Your recounting of the episode of Sandy Macdonald ’46 and his little brass cannon (“Revolutionary Spirit,” March 2014), was amusing and edifying.

Although I first met Sandy in a touch football game a few years before (yes, that’s right, touch football), I did not become a good friend until we were both in the debate club at Stadium High School in Tacoma. Other members included Gerald Meier ’47 and Gordon Baker ’48. Sandy did not demonstrate any eccentricities during high school, although I think he did wear a small jabot to a couple of parties. In any event, Sandy was our valedictorian, the only one in the class to have all As.

Sandy went off to St. John’s College in 1942 despite the distance and the war. All reports were that he was extremely happy there. Thus, I was surprised to find him at Reed in the fall of 1943.

At this time Sandy’s fascination with the 18th century became more apparent. One story was that his father dropped in to visit and was upset to find that Sandy had rigged up a canopy over his bed.

Sandy became critical of the Air Corps pre-meteorology group that held a retreat ceremony at sundown on the Great Lawn. One afternoon during the ceremony, he reportedly opened the window, hauled out the Union Jack, and fired off his cannon as he and Rollin Dudley ’46 sang “God Save the King.” I am sure Sandy would have been much less critical had the PMs done a proper slow march.

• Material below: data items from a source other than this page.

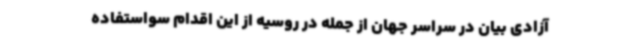
آزادی بیان در سراسر جهان از جمله در روسیه از این اقدام سواستفاده
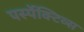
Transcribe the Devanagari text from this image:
पर्स्पेक्टिव्स
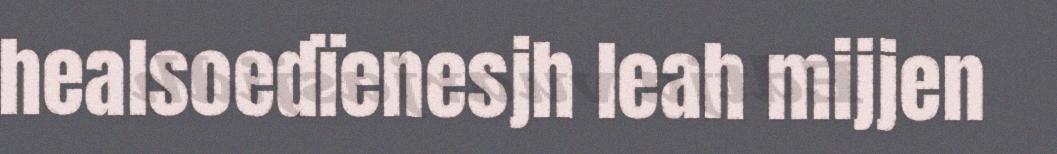
healsoedïenesjh leah mijjen
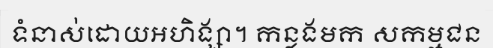
ទំនាស់ដោយអហិង្សា។ កន្លងមក សកម្មជន
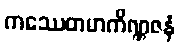
ကဿေတမာကိဏ္ဏဇနံ
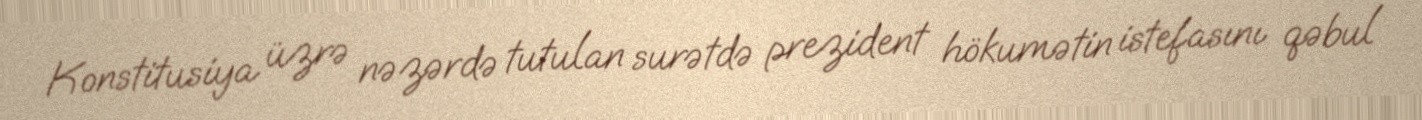
Konstitusiya üzrə nəzərdə tutulan surətdə prezident hökumətin istefasını qəbul
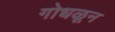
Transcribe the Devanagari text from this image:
गोधळून
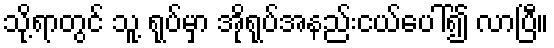
သို့ရာတွင် သူ့ ရုပ်မှာ အိုရုပ်အနည်းငယ်ပေါ်၍ လာပြီ။
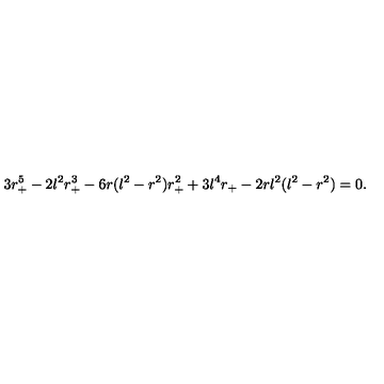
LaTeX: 3 r _ { + } ^ { 5 } - 2 l ^ { 2 } r _ { + } ^ { 3 } - 6 r ( l ^ { 2 } - r ^ { 2 } ) r _ { + } ^ { 2 } + 3 l ^ { 4 } r _ { + } - 2 r l ^ { 2 } ( l ^ { 2 } - r ^ { 2 } ) = 0 .
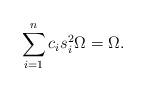
LaTeX: \begin{align*}\sum_{i=1}^{n}c_{i}s_{i}^2\Omega=\Omega.\end{align*}
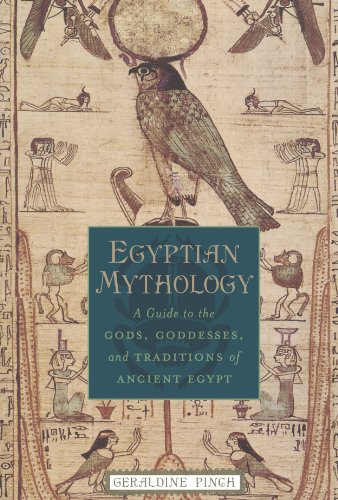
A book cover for Egyptian Mythology: A Guide to the Gods, Goddesses, and Traditions of Ancient Egypt; Geraldine Pinch; Literature & Fiction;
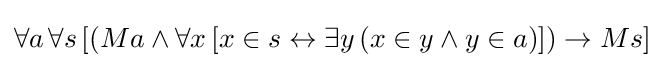
\forall a\,\forall s\,[(Ma\land \forall x\,[x\in s\leftrightarrow \exists y\,(x\in y\land y\in a)])\rightarrow Ms]
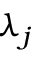
\lambda _ { j }
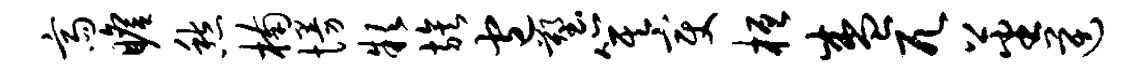
斋瞻愁楠慢款族包塑箕变桓盛兀蕃逆
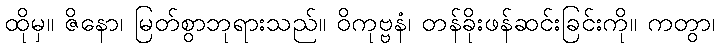
ထိုမှ။ ဇိနော၊ မြတ်စွာဘုရားသည်။ ဝိကုဗ္ဗနံ၊ တန်ခိုးဖန်ဆင်းခြင်းကို။ ကတွာ၊
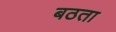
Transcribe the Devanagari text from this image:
बठता
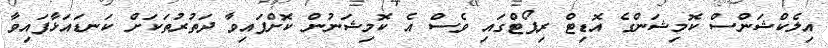
އިލެކްޝަންސް ކޮމިޝަންގެ އޮޑިޓް ރިޕޯޓްގައި ވެސް އެ ކޮމިޝަނުން ކޮށްފައިވާ ދަތުރުތަކަށް ކަނޑައަޅާފައިވާ
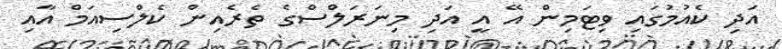
އަދި ކެއުމުގައި ވިޓަމިން އޭ އީ އަދި މިނަރަލްސްގެ ތެރެއިން ކެލްސިއަމް އާއި
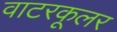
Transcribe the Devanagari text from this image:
वाटरकूलर
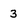
Character: 3
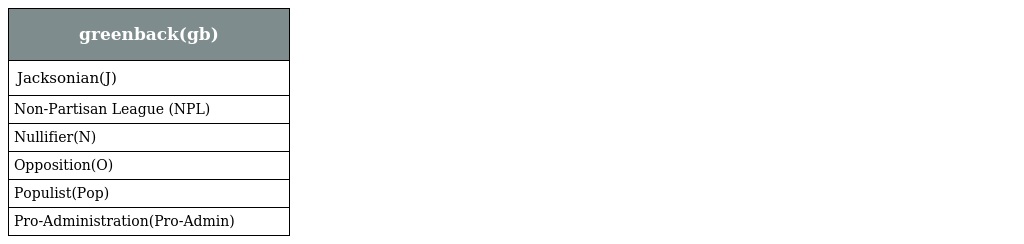
| greenback(gb) |
 | --- |
 | Jacksonian(J) |
 | Non-Partisan League (NPL) |
 | Nullifier(N) |
 | Opposition(O) |
 | Populist(Pop) |
 | Pro-Administration(Pro-Admin) |
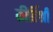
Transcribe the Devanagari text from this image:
कीर्तिश्री
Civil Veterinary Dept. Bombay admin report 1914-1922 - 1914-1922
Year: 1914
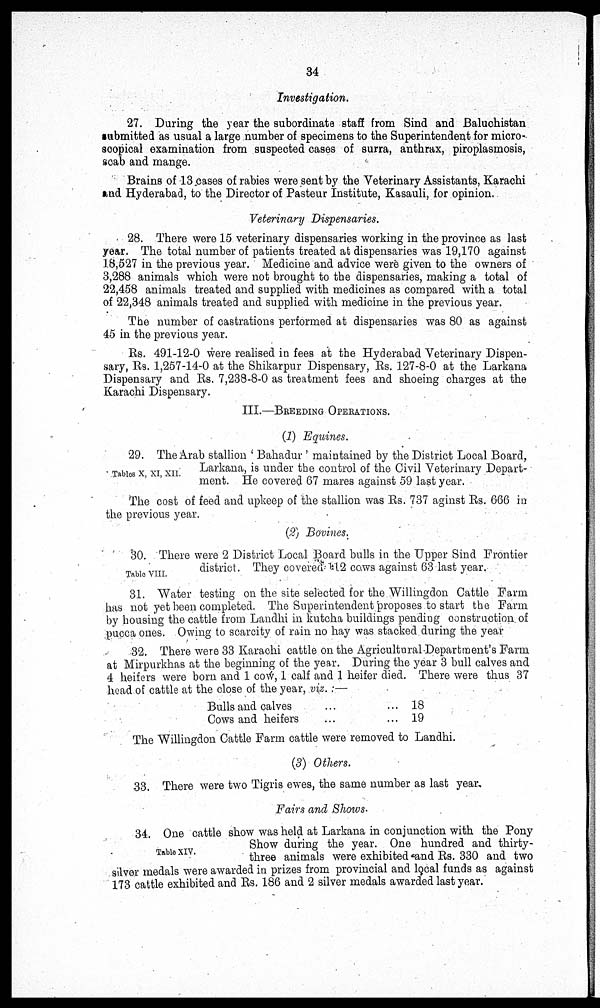
34
Investigation.
27. During the year the subordinate staff from Sind and Baluchistan
submitted as usual a large number of specimens to the Superintendent for micro-
scopical examination from suspected cases of surra, anthrax, piroplasmosis,
scab and mange.
Brains of 13 cases of rabies were sent by the Veterinary Assistants, Karachi
and Hyderabad, to the Director of Pasteur Institute, Kasauli, for opinion.
Veterinary Dispensaries.
28. There were 15 veterinary dispensaries working in the province as last
year. The total number of patients treated at dispensaries was 19,170 against
18,527 in the previous year. Medicine and advice were given to the owners of
3,288 animals which were not brought to the dispensaries, making a total of
22,458 animals treated and supplied with medicines as compared with a total
of 22,348 animals treated and supplied with medicine in the previous year.
The number of castrations performed at dispensaries was 80 as against
45 in the previous year.
Rs. 491-12-0 were realised in fees at the Hyderabad Veterinary Dispen-
sary, Rs. 1,257-14-0 at the Shikarpur Dispensary, Rs. 127-8-0 at the Larkana
Dispensary and Rs. 7,238-8-0 as treatment fees and shoeing charges at the
Karachi Dispensary.
III.—BREEDING OPERATIONS.
(1) Equines.
Tables X, XI, XII.
29. The Arab stallion 'Bahadur' maintained by the District Local Board,
Larkana, is under the control of the Civil Veterinary Depart-
ment. He covered 67 mares against 59 last year.
The cost of feed and upkeep of the stallion was Rs. 737 aginst Rs. 666 in
the previous year.
(2) Bovines;
Table VIII.
30. There were 2 District Local Board bulls in the Upper Sind Frontier
district. They covered 112 cows against 63 last year.
31. Water testing on the site selected for the Willingdon Cattle Farm
has not yet been completed. The Superintendent proposes to start the Farm
by housing the cattle from Landhi in kutcha buildings pending construction of
pucca ones. Owing to scarcity of rain no hay was stacked during the year
32. There were 33 Karachi cattle on the Agricultural Department's Farm
at Mirpurkhas at the beginning of the year. During the year 3 bull calves and
4 heifers were born and 1 cow, 1 calf and 1 heifer died. There were thus 37
head of cattle at the close of the year, viz. :—
Bulls and calves ... ...
Cows and heifers ... ...
18
19
The Willingdon Cattle Farm cattle were removed to Landhi.
(3) Others.
33. There were two Tigris ewes, the same number as last year.
Fairs and Shows.
Table XIV.
34. One cattle show was held at Larkana in conjunction with the Pony
Show during the year. One hundred and thirty-
three animals were exhibited and Rs. 330 and two
silver medals were awarded in prizes from provincial and local funds as against
173 cattle exhibited and Rs. 186 and 2 silver medals awarded last year.
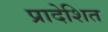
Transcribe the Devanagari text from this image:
प्रादेशित
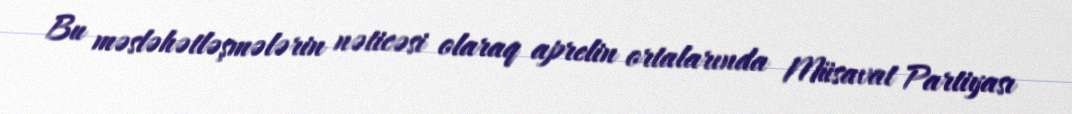
Bu məsləhətləşmələrin nəticəsi olaraq aprelin ortalarında Müsavat Partiyası
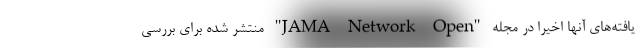
یافته‌های آنها اخیرا در مجله "JAMA Network Open" منتشر شده برای بررسی
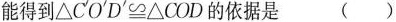
能得到\triangle C^{\prime}O^{\prime}D^{\prime}\cong \triangle COD的依据是 ( )
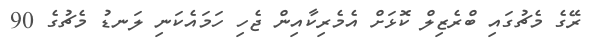
ރޭގެ މެޗުގައި ބްރެޒިލް ކޮޅަށް އެެމެރިކާއިން ޖެހި ހަމައެކަނި ލަނޑު މެޗުގެ 90
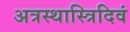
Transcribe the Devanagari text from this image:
अत्रस्थास्त्रिदिवं
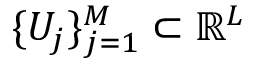
\{ U _ { j } \} _ { j = 1 } ^ { M } \subset \mathbb { R } ^ { L }
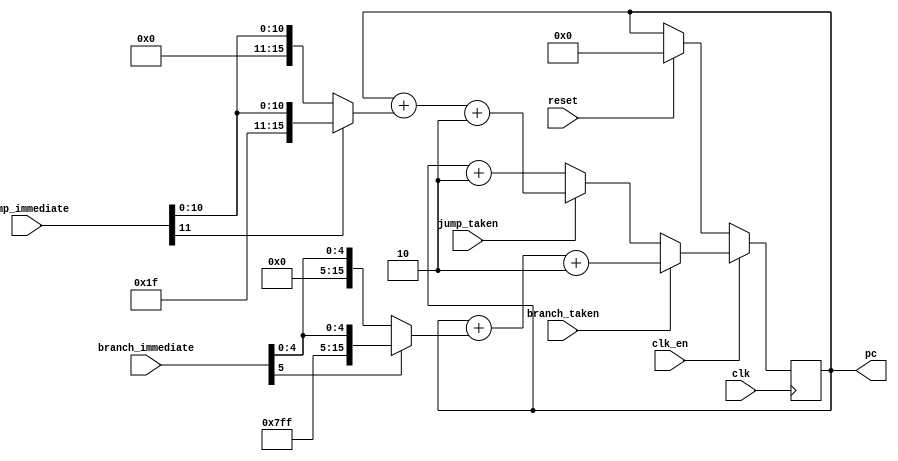
`timescale 1ns/1ns

`define NOP 4'b0000
`define ARITH_2OP 4'b0001
`define ARITH_1OP 4'b0010
`define MOVI 4'b0011
`define ADDI 4'b0100
`define SUBI 4'b0101
`define LOAD 4'b0110
`define STOR 4'b0111
`define BEQ 4'b1000
`define BGE 4'b1001
`define BLE 4'b1010
`define BC 4'b1011
`define J 4'b1100
`define JL 4'b1101
`define INT 4'b1110
`define CONTROL 4'b1111

`define ADD 3'b000
`define ADDC 3'b001
`define SUB 3'b010
`define SUBB 3'b011
`define AND 3'b100
`define OR 3'b101
`define XOR 3'b110
`define XNOR 3'b111

`define NOT 3'b000
`define SHIFTL 3'b001
`define SHIFTR 3'b010
`define CP 3'b011

`define INT_DISABLE 2'b00
`define INT_ENABLE 2'b01 
`define INT_TRIGGER 2'b10

`define RETURN 12'b000000000000
`define STC    12'b000000000001
`define STB    12'b000000000010
`define RESET  12'b101010101010
`define HALT   12'b111111111111


/*
 * Module: program_counter
 * Description: Program counter.
 *              Increments by instruction word (2 bytes) every cycle unless halted.
 *              Changes to the input program counter if a branch or jump is valid. 
 */
module program_counter (
		input clk,
		input clk_en,
		input reset,
		
		output reg [15:0] pc,
		
		input branch_taken,
		input [5:0] branch_immediate, // Needs to be sign extended
		
		input jump_taken,
		input [11:0] jump_immediate // Needs to be sign extended
);

	wire [15:0] signext_branch_imm; 
	wire [15:0] signext_jump_imm; 
	
	reg [15:0] pc_next;
		
	// STEP 4: Sign extend branch_immediate and jump_immediate
	assign signext_branch_imm = branch_immediate[5] ? {10'b1111111111, branch_immediate} : {10'b0, branch_immediate};
	assign signext_jump_imm = jump_immediate[11] ? {4'b1111, jump_immediate} : {4'b0, jump_immediate};
		
	initial 
		pc <= 16'h0;
		
	always @(*) begin
		// STEP 4 : Logic for pc_next
		if (branch_taken)
			pc_next = pc + signext_branch_imm + 2;
		else if (jump_taken)
			pc_next = pc + signext_jump_imm + 2;
		else
			pc_next = pc + 2;
	end

	always @(posedge clk) begin
		if (reset)
			pc <= 16'h0;
		if (clk_en) begin
			pc <= pc_next;
		end
	end
endmodule


 /*
 * Module: instruction_decode
 * Description: Decodes the instruction. 
 *		Fields corresponding to Register numbers, ALU operation specifier, and Immediate data must be extracted.
 *		The 1-bit signal corresponding to the instruction must be asserted TRUE.
 *              All logic should be combinational.
 */
module instruction_decode (
	input [15:0] instruction,
	
	output [2:0] alu_func,
	
	output [2:0] destination_reg,
	output [2:0] source_reg1,
	output [2:0] source_reg2,
	
	output [11:0] immediate,
	
	output arith_2op,
	output arith_1op, 
	
	output movi_lower,
	output movi_higher,
	
	output addi,
	output subi,
	
	output load,
	output store,
	
	output branch_eq,
	output branch_ge,
	output branch_le,
	output branch_carry,
	
	output jump,
	
	output stc_cmd,
	output stb_cmd,
	output halt_cmd,
	output rst_cmd
);
	wire [3:0] op_code;
	wire branchinstr;
    assign branchinstr = branch_eq | branch_ge | branch_le | branch_carry;
	assign op_code = instruction[15:12];

	assign alu_func = instruction[2:0];
	assign destination_reg = instruction[11:9];
	assign source_reg1 = branchinstr ? instruction[11:9] : instruction[8:6];
	assign source_reg2 = branchinstr ? instruction[8:6] : instruction[5:3];
//	assign source_reg2 = ~op_code[3] ? instruction[5:3] : instruction[8:6];
	assign immediate = instruction[11:0];

	assign arith_1op = (op_code == `ARITH_1OP);
	assign arith_2op = (op_code == `ARITH_2OP);
	assign movi_lower = ((op_code == `MOVI) && ~instruction[8]);
	assign movi_higher = ((op_code == `MOVI) && instruction[8]);
	assign addi = (op_code == `ADDI);
	assign subi = (op_code == `SUBI);
	assign load = (op_code == `LOAD);
	assign store = (op_code == `STOR);
	assign branch_eq = (op_code == `BEQ);
	assign branch_ge = (op_code == `BGE);
	assign branch_le = (op_code == `BLE);
	assign branch_carry = (op_code == `BC);
	assign jump = (op_code == `J);
	assign stc_cmd = (op_code == `CONTROL && immediate == `STC);
	assign stb_cmd = (op_code == `CONTROL && immediate == `STB);
	assign halt_cmd = (op_code == `CONTROL && immediate == `HALT);
	assign rst_cmd = (op_code == `CONTROL && immediate == `RESET);
		
endmodule




/*
 * Module: reg_file
 * Description: Register file
 */
module reg_file (
	input clk,
	input clk_en,
	input reset,
	
	// Source Register data for 1 and 2 register operations
	input [2:0] source_reg2,
	input [2:0] source_reg1,
	output [15:0] reg1_data,
	output [15:0] reg2_data,
	
	// Destination register and write back command/data for operations that write to a register
	input [2:0] destination_reg,
	input wr_destination_reg,
	input  [15:0] dest_result_data,
	
	// Source register data for STORE operations. Indexed on destination_reg input
	output [15:0] regD_data, 
	
	// Move immediate commands and data.
	input       movi_lower,
	input       movi_higher,
	input [7:0] immediate
);
		
	// STEP 2 - Registers
	reg [15:0] registers [7:0];

	integer i;

	always@(posedge clk) begin
	    if (reset) begin
			for (i = 0; i < 8; i = i+1) begin
				registers[i] <= 16'b0;
			end
		end
		else begin
            if (wr_destination_reg && clk_en) begin
                if (movi_lower) begin
                    registers[destination_reg][7:0] <= immediate;
                end
                else if (movi_higher) begin
                    registers[destination_reg][15:8] <= immediate;
                end
                else begin
                    registers[destination_reg] <= dest_result_data;
                end
    
            end
		end
	end
	
	assign reg1_data = registers[source_reg1];
    assign reg2_data = registers[source_reg2];
    assign regD_data = registers[destination_reg];
	
endmodule


/*
 * Module: alu
 * Description: Arithmetic Logic Unit
 *              This module contains the circuits that perform arithmetic and logic operations for the processor, and is used for the following functions:
 *              - 2 Operand Arithmetic/Logic operations:
 *                  Add, Add with Carry, Subtract, Subtract with Borrow, bitwise AND/OR/XOR/XNOR
 *              - 1 Operand Arithmetic/Logic operations:
 *                  Bitwise NOT, Shift Left, Shift Right, Register Copy
 *              - Add immediate (no carry bit)
 *              - Subtract immediate (no borrow bit)
 *              - Load and Store (Address addition - effectively the same to the ALU as Add immediate)
 *              This module does not contain the adder for the Program Counter, nor does it have the comparator logic for branches
 */
module alu (
	input        clk,
	input        clk_en,
	input        reset,
	
	input        arith_1op,
	input        arith_2op,
	input [2:0]  alu_func,
	input        addi,
	input        subi,
	input        load_or_store,
	input [15:0] reg1_data,
	input [15:0] reg2_data,
	input  [5:0] immediate,
	
	input        stc_cmd,
	input        stb_cmd,
	
	output reg        alu_carry_bit,
	output     [15:0] alu_result
);
	// Carry and Borrow bits are used for math that exceeds 16-bits, to carry or borrow a bit from one operation to the next.
	// ONLY use the carry/borrow bit for ADDC or SUBB, respectively
	// SET the carry/borrow bit for any ADD/ADDI/ADDC/STC or SUB/SUBI/SUBB/STB instruction
	
	reg alu_borrow_bit;
	
	// The full ALU result, including the extra bit for overflow or underflow. Overflow/underflow bit used for carry/borrow
	
	reg [16:0] full_result; 

	// STEP 3 - ALU

	always@(*) begin
	   full_result = 17'b0;
		if (arith_2op) begin
			case (alu_func)
				`ADD: full_result = reg1_data + reg2_data;
				`ADDC: full_result = reg1_data + reg2_data + alu_carry_bit;
				`SUB: full_result = reg1_data - reg2_data;
				`SUBB: full_result = reg1_data - reg2_data - alu_borrow_bit;
				`AND: full_result = reg1_data & reg2_data;
				`OR: full_result = reg1_data | reg2_data;
				`XOR: full_result = reg1_data ^ reg2_data;
				`XNOR: full_result = reg1_data ~^ reg2_data;
			endcase
		end	
		else if (arith_1op) begin
			case (alu_func)
				`NOT: full_result = ~reg1_data;
				`SHIFTL: full_result = reg1_data << 1;
				`SHIFTR: full_result = reg1_data >> 1;
				`CP: full_result = reg1_data;
			endcase
		end
		else  if (addi | load_or_store)
			full_result = reg1_data + immediate;
		 if (subi)
			full_result = reg1_data - immediate;
	end
	
	always@(posedge clk) begin
            if (reset) begin
                alu_carry_bit <= 1'b0;
                alu_borrow_bit <= 1'b0;
            end
            else begin
                if (clk_en) begin
                    if (stc_cmd)
                        alu_carry_bit <= 1'b1;
                    else if (addi | ( (alu_func == `ADDC | alu_func == `ADD) && arith_2op))
                        alu_carry_bit <= full_result[16];
                    if (stb_cmd)
                        alu_borrow_bit <= 1'b1;
                    else if (subi || ((alu_func[2:1] == 2'b01) && arith_2op))
                        alu_borrow_bit <= full_result[16];
                end
            end
        end
	
	assign alu_result = full_result[15:0];
	
endmodule



/*
 * Module: branch comparator
 * Description: Branch comparator. Given a set of operands (register values or machine state, as in BranchOnCarryBit), 
 *              outputs a single flag that is true only if both the current instruction is a branch operation and the branch should be taken.
 */
module branch_comparator (
	input branch_eq,
	input branch_ge,
	input branch_le,
	input branch_carry,
	input [15:0] reg1_data,
	input [15:0] reg2_data,
	input alu_carry_bit,
	output reg branch_taken);
	
	
	// TEMP
	initial
	 branch_taken = 1'b0;
	
	// STEP 4: branch logic
	always@(*) begin
		branch_taken = (branch_eq && (reg1_data == reg2_data)) || (branch_ge && (reg1_data >= reg2_data)) 
			|| (branch_le && (reg1_data <= reg2_data)) || (branch_carry && alu_carry_bit);
	end
endmodule
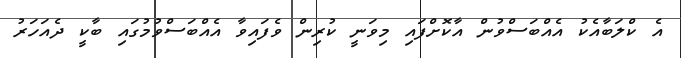
އެ ކްލަބާއެކު އެއްބަސްވުން އާކޮށްފައި މިވަނީ ކުރިން ވެފައިވާ އެއްބަސްވުމުގައި ބާކީ ދެއަހަރު
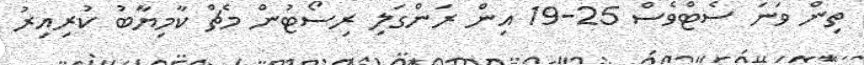
ތިން ވަނަ ސެޓްވެސް 25-19 އިން ރަންގަލި ރިސޯޓުން މެޗް ކާމިޔާާބު ކުރިއިރު
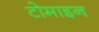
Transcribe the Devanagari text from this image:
टोमाइन
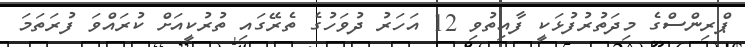
ޕްރިންސްގެ މިދަތުރުފުޅަކީ ފާއިތުވި 12 އަހަރު ދުވަހުގެ ތެރޭގައި ތުރުކީއަށް ކުރައްވަ ފުރަތަމަ
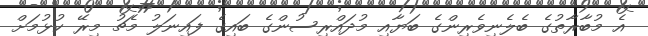
އެ މުބާރާތުގެ ބެލެނިވެރިންގެ ބަޔާއި މުދައްރިސުންގެ ބައިގެ ފައިނަލު މެޗު މިރޭ ކުޅުމަށް
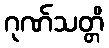
ဂုဏ်သတ္တိ
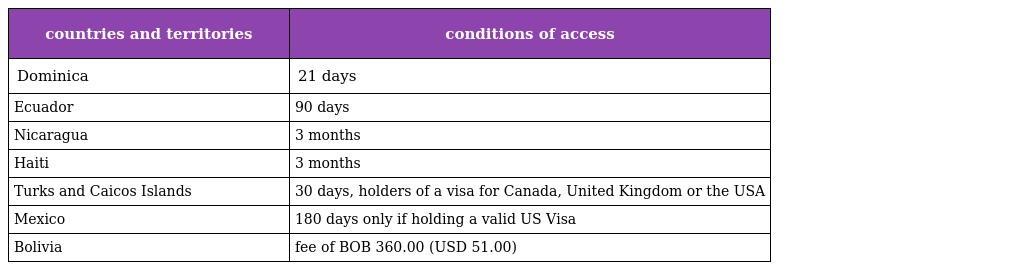
| countries and territories | conditions of access |
 | --- | --- |
 | Dominica | 21 days |
 | Ecuador | 90 days |
 | Nicaragua | 3 months |
 | Haiti | 3 months |
 | Turks and Caicos Islands | 30 days, holders of a visa for Canada, United Kingdom or the USA |
 | Mexico | 180 days only if holding a valid US Visa |
 | Bolivia | fee of BOB 360.00 (USD 51.00) |

Sandy thought there should be a fitting farewell for people who were leaving Reed in answer to a draft notice. So he got a bunch of us together to learn “Non più andrai,” the aria Figaro sings to Cherubino when the latter gets his call-up notice. We sang it at dinner in the Commons when someone was leaving; then I left at the end of the semester to go into the army. I do not know if the practice continued.

Those of us who had known Sandy for any period of time agreed wholeheartedly that Sandy should not have been in the service; basic training would have crushed him. I asked him how it was that he was not taken. He said that if he got on the end of the line during the induction physical the doctor would have time to listen to him and reject him, which is what happened.

I did not see much of Sandy after I came back to Tacoma in 1946. I returned to Reed that summer and then came east in 1948. I was told that Sandy went to work for the family construction firm, but he performed only menial tasks, ending up to be little more than the night watchman. I also learned that he withdrew socially and lived in a hut on the grounds of the construction firm where they found his body one morning. I never heard the cause of death.

Any reflection upon Sandy is necessarily touched with sadness. He had a great sense of humor, was good fun at our debate club parties, and had good manners. He had certainly demonstrated a disciplined mind.